Activating Democracy: The “I Wish to Say” Project discusses the role of art in advancing public discourse, free speech, civic participation and democracy

The Weatherspoon Art Museum at the University of North Carolina at Greensboro announces that UNCG art professor Sheryl Oring will launch her new book Activating Democracy: The “I Wish to Say” Project and perform the popular project this Thursday, October 27.

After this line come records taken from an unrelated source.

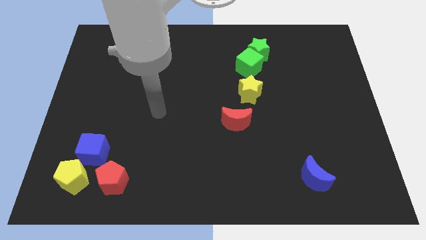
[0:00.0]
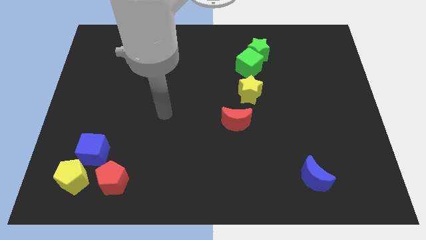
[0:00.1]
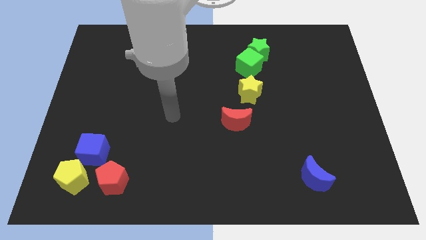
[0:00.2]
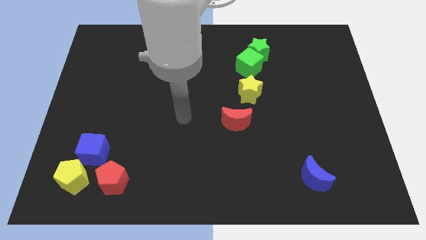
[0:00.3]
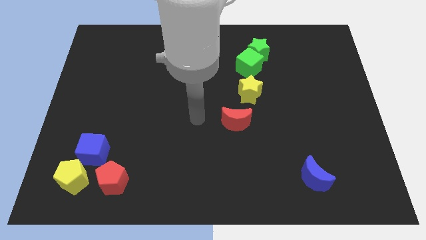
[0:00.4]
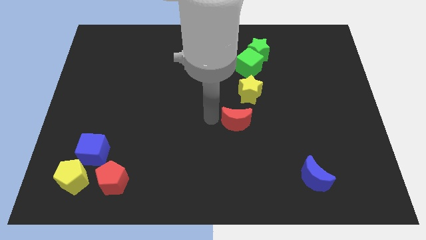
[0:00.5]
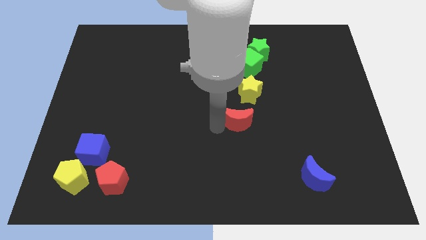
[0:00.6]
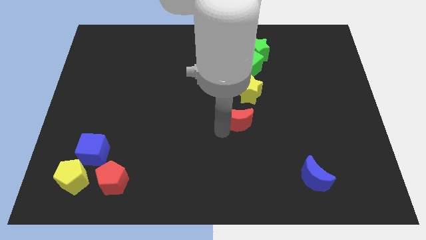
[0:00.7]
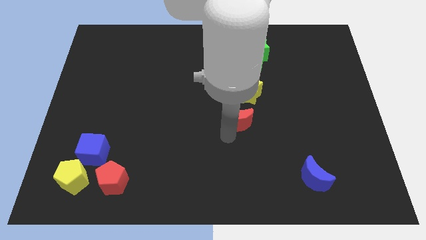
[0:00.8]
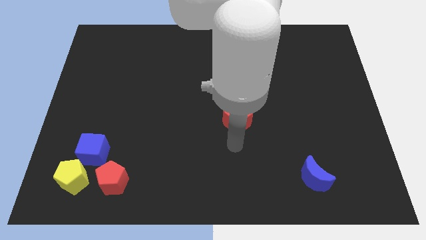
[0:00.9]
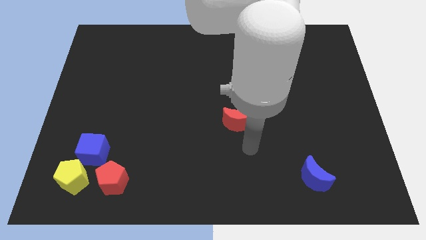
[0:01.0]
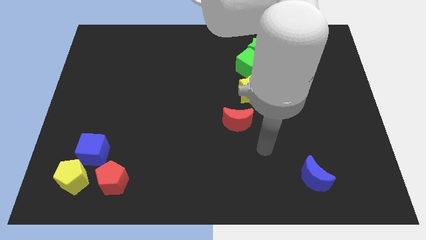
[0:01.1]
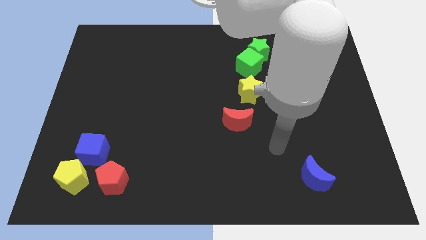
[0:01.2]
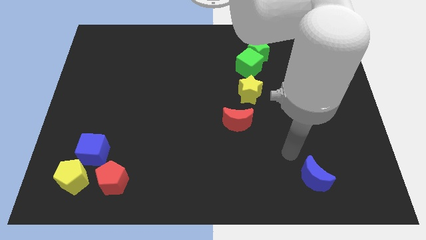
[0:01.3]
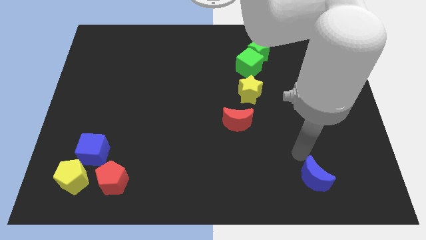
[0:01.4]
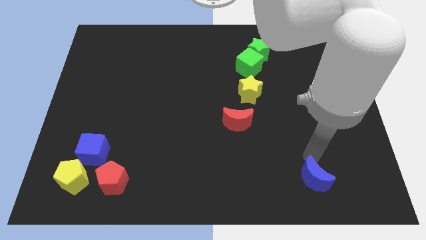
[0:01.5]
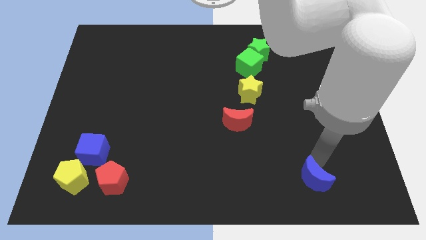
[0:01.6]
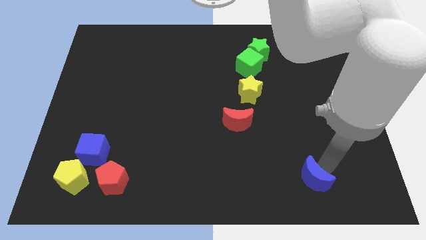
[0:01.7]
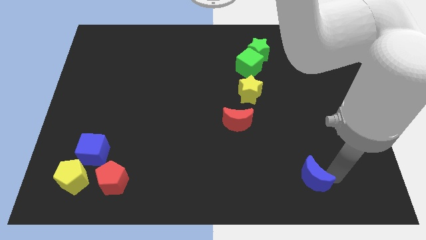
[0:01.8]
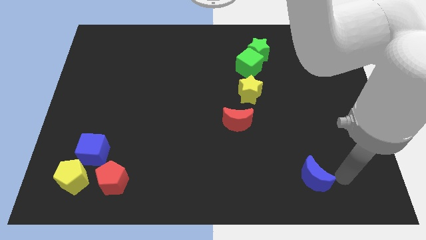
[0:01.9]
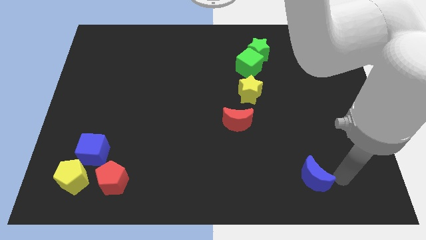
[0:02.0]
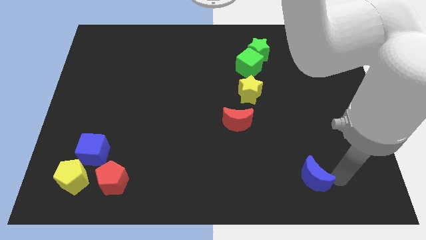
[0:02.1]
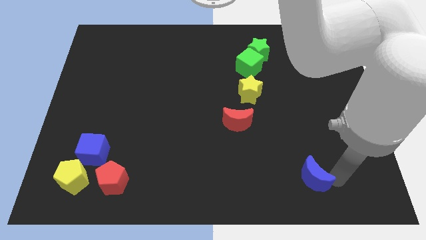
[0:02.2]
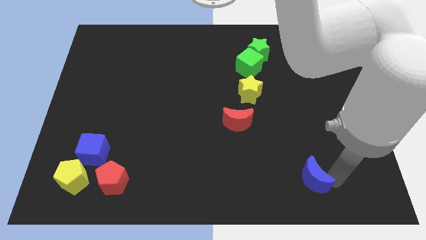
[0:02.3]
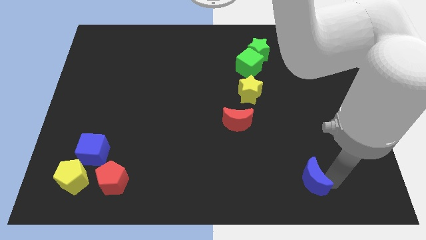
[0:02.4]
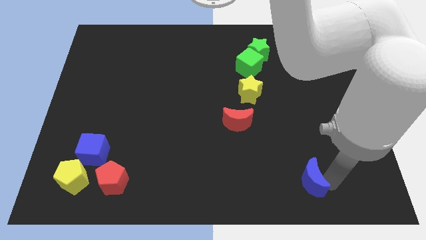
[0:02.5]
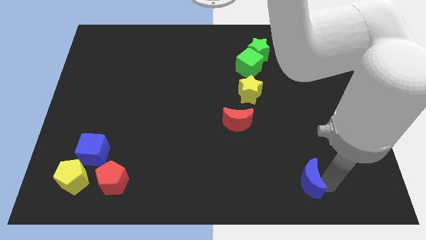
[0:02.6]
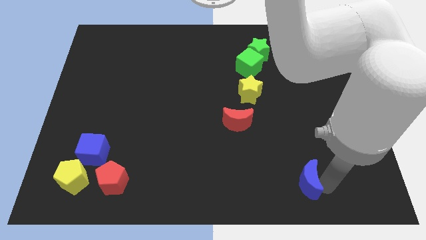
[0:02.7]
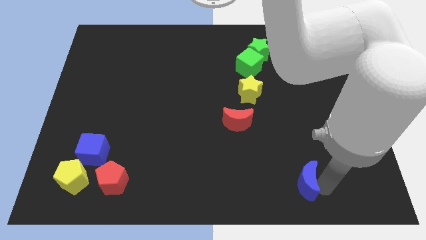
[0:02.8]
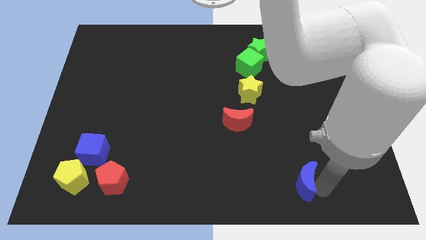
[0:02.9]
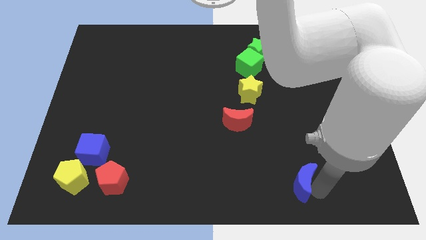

Driven by a powerful belief in the value of free expression, Oring has for more than a decade been helping people across the country voice concerns about public affairs through her I Wish to Say  project. This book, published by Intellect Books and distributed by the University of Chicago Press, uses that project as the starting point for examining the ways artists are addressing issues such as free speech, civic participation and democracy through their work today. It features essays by contributors ranging from art historians and practicing artists to scholars and creators working in literature, political science, and architecture. All the contributors offer a different approach, but they share a primary goal of sparking a dialogue not just among makers of art, but among viewers and readers, and the concerned public at large. The resulting volume will be an essential resource for politically engaged contemporary artists searching for innovative, cross-disciplinary ways of making and sharing art.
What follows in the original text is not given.